Use R to explore a real-life data set, then preprocess the data set such that it’s in the appropriate format before applying the credit risk models. First, I examed the dataset loan_data discussed in the video throughout the exercises in DataCamp.

  • Goal: understand the number, percentage of defaults.
  • To learn more about variable structures and spot unexpected tendencies in the data
  • Examine the relationship between loan_status and certain factor variables.

default information is stored in the response variable loan_status, where 1 represents a default,and 0 represents non-default.

For example, you would expect that the proportion of defaults in the group of customers with grade G (worst credit rating score) is substantially higher than the proportion of defaults in the grade A group (best credit rating score).

  • EL= PD* EAD * LGD

Components of expected loss ( EL) ,  Probability of default (PD), Exposure at default (EAD),  Loss given default (LGD)

crosstable on loan_status

# Call CrossTable() on grade and loan_status
> CrossTable(loan_data$grade, loan_data$loan_status, prop.r = TRUE,
prop.c = FALSE, prop.t = FALSE, prop.chisq = FALSE)

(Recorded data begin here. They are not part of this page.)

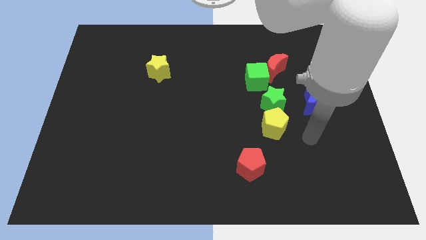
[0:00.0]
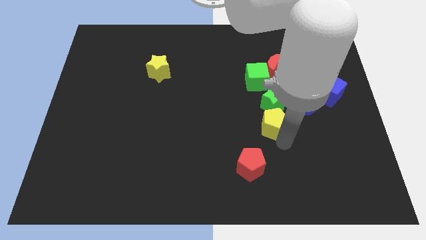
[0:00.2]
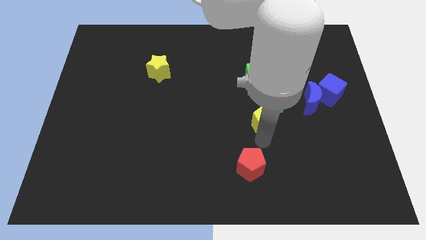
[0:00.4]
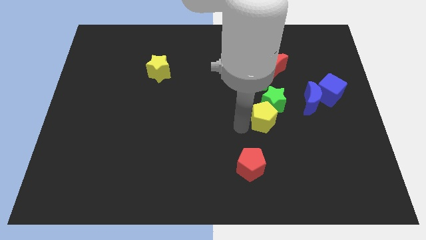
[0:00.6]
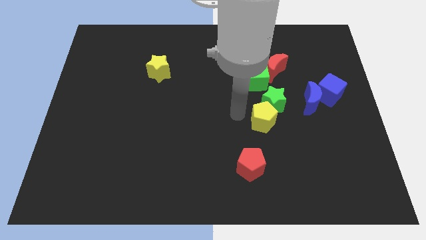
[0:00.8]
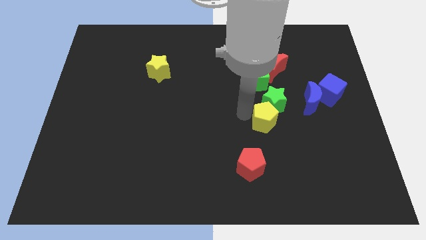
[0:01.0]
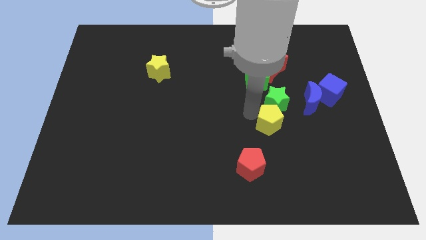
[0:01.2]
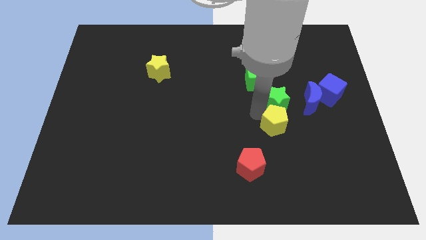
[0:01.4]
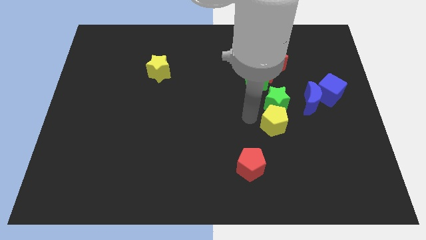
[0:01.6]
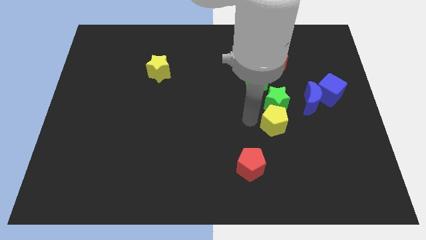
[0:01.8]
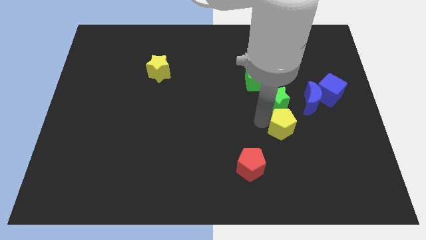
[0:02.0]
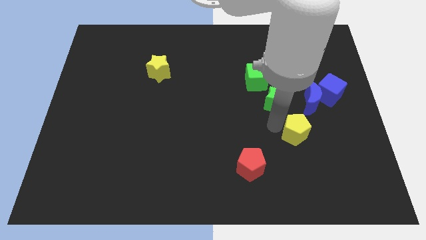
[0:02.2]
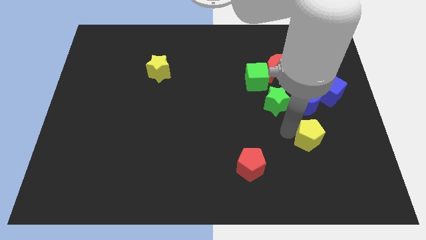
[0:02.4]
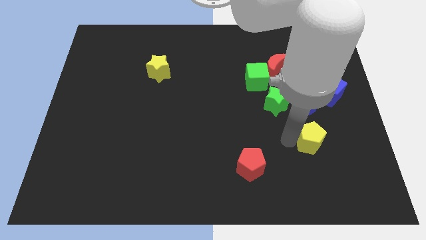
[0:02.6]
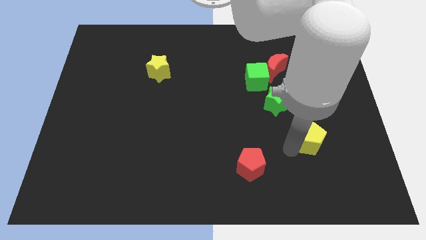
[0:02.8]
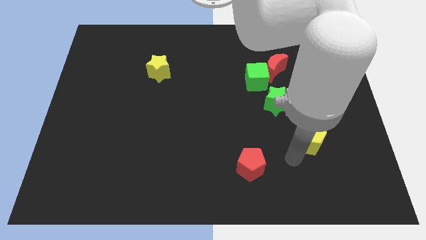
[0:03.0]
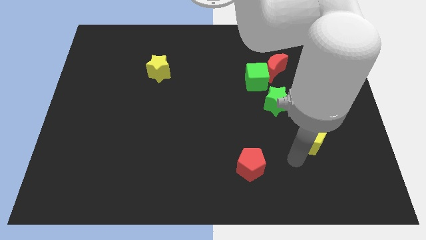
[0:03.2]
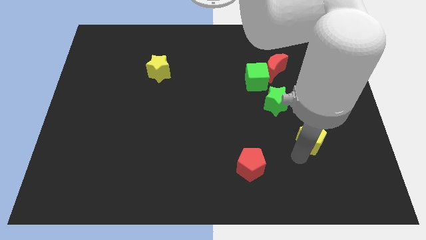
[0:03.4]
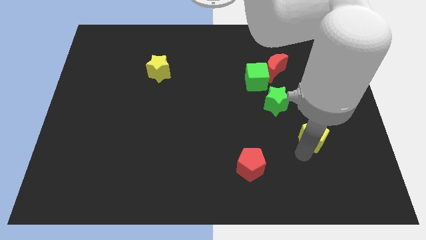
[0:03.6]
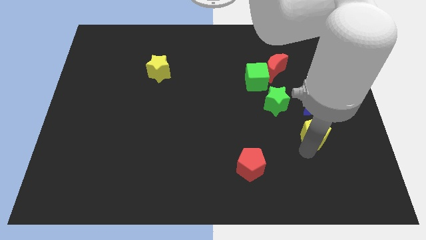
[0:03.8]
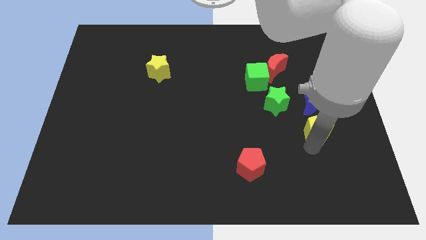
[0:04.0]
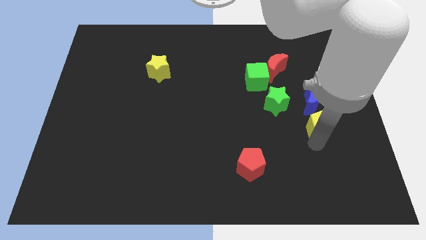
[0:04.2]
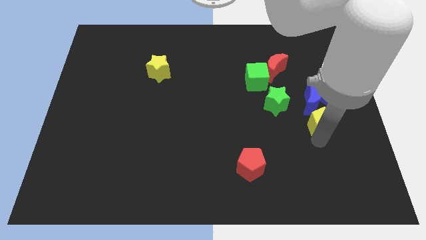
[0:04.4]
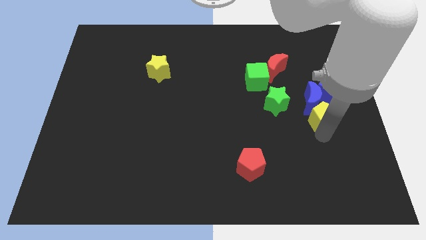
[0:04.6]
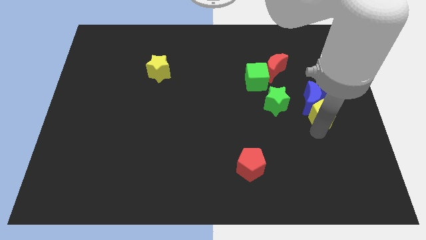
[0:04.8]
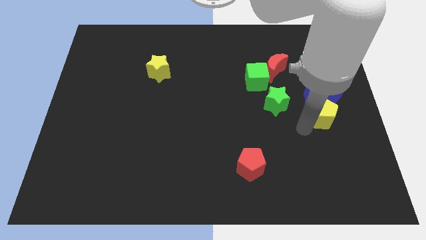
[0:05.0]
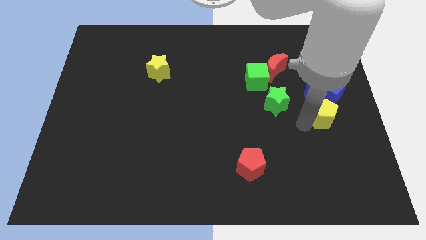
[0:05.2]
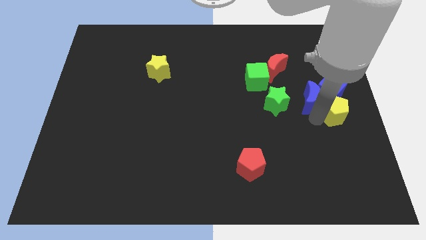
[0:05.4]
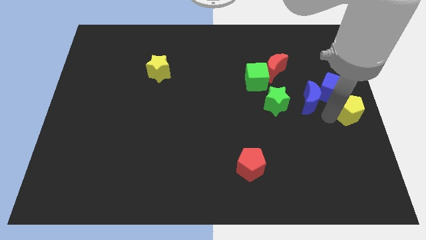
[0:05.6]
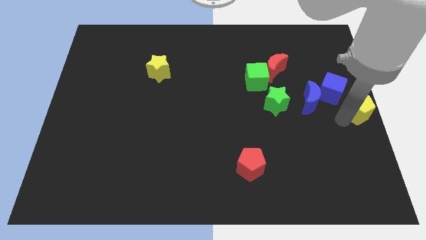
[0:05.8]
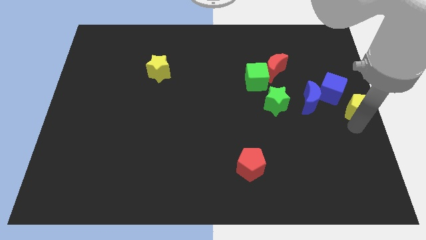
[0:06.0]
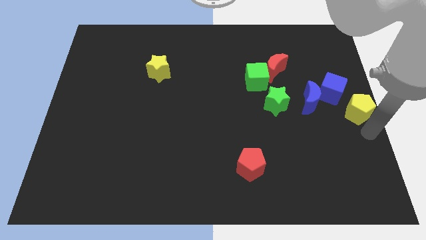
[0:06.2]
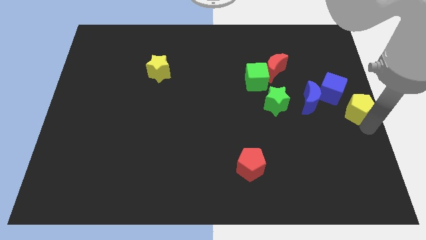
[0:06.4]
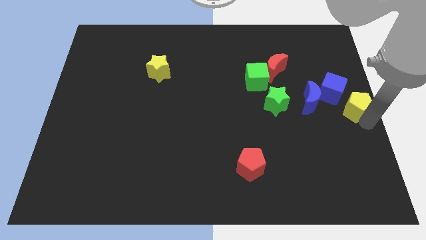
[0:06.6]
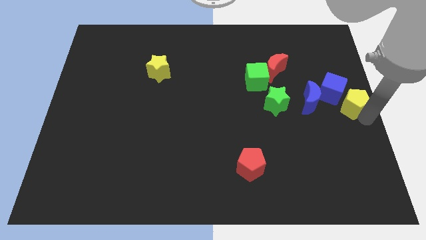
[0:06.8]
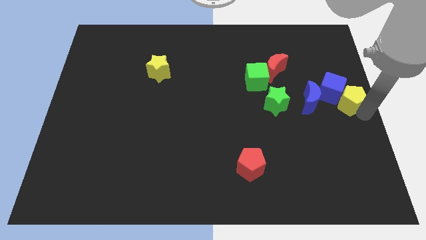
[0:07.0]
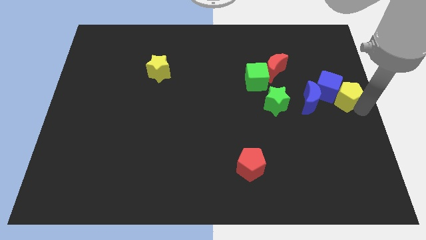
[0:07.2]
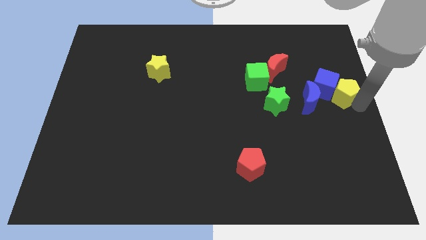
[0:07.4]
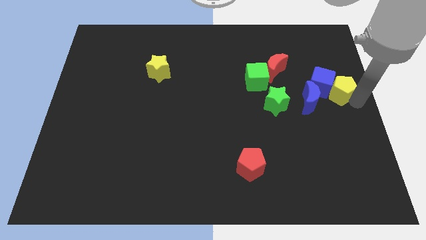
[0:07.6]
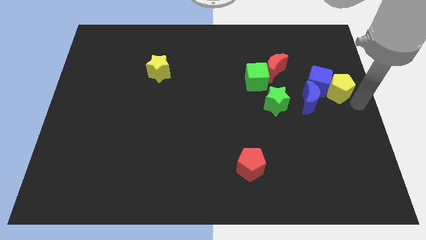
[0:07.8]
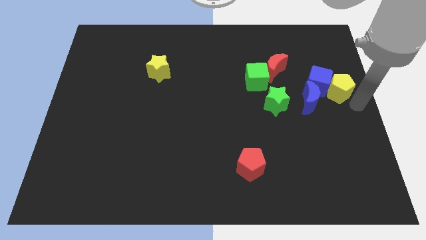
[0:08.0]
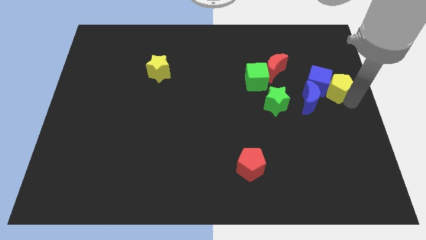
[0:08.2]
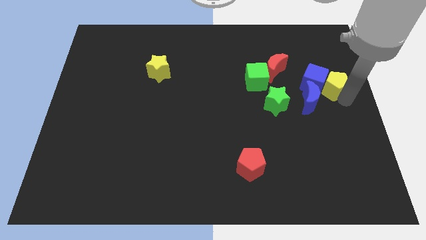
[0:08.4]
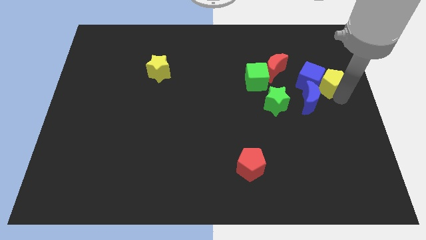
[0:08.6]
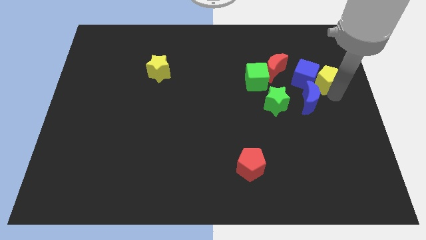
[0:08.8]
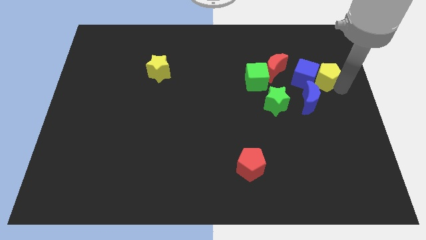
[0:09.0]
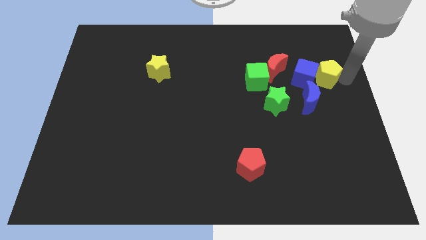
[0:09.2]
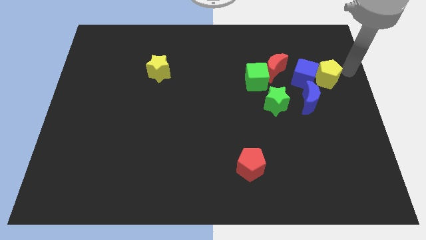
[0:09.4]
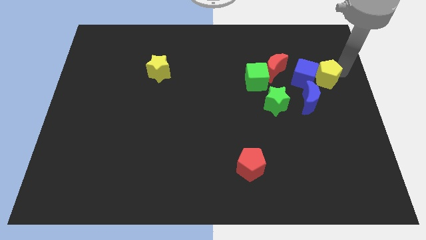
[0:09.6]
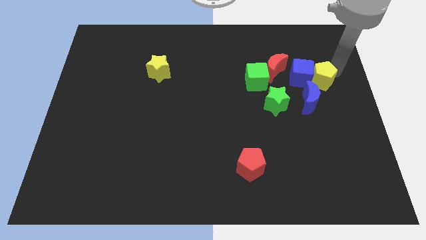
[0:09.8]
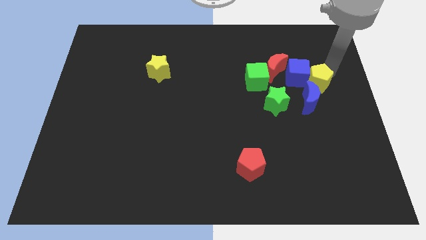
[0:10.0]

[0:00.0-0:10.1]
put the yellow pentagon to the bottom right side of the red moon

  • Use hist() to create a histogram with only one argument: loan_data$loan_amnt. Assign the result to a new object called hist_1.
  • Use $breaks along with the object hist_1 to get more information on the histogram breaks. Knowing the location of the breaks is important because if they are poorly chosen, the histogram may be misleading.
  • Change the number of breaks in hist_1 to 200 by specifying the breaks argument. Additionally, name the x-axis "Loan amount" using the xlab argument and title it "Histogram of the loan amount" using the mainargument.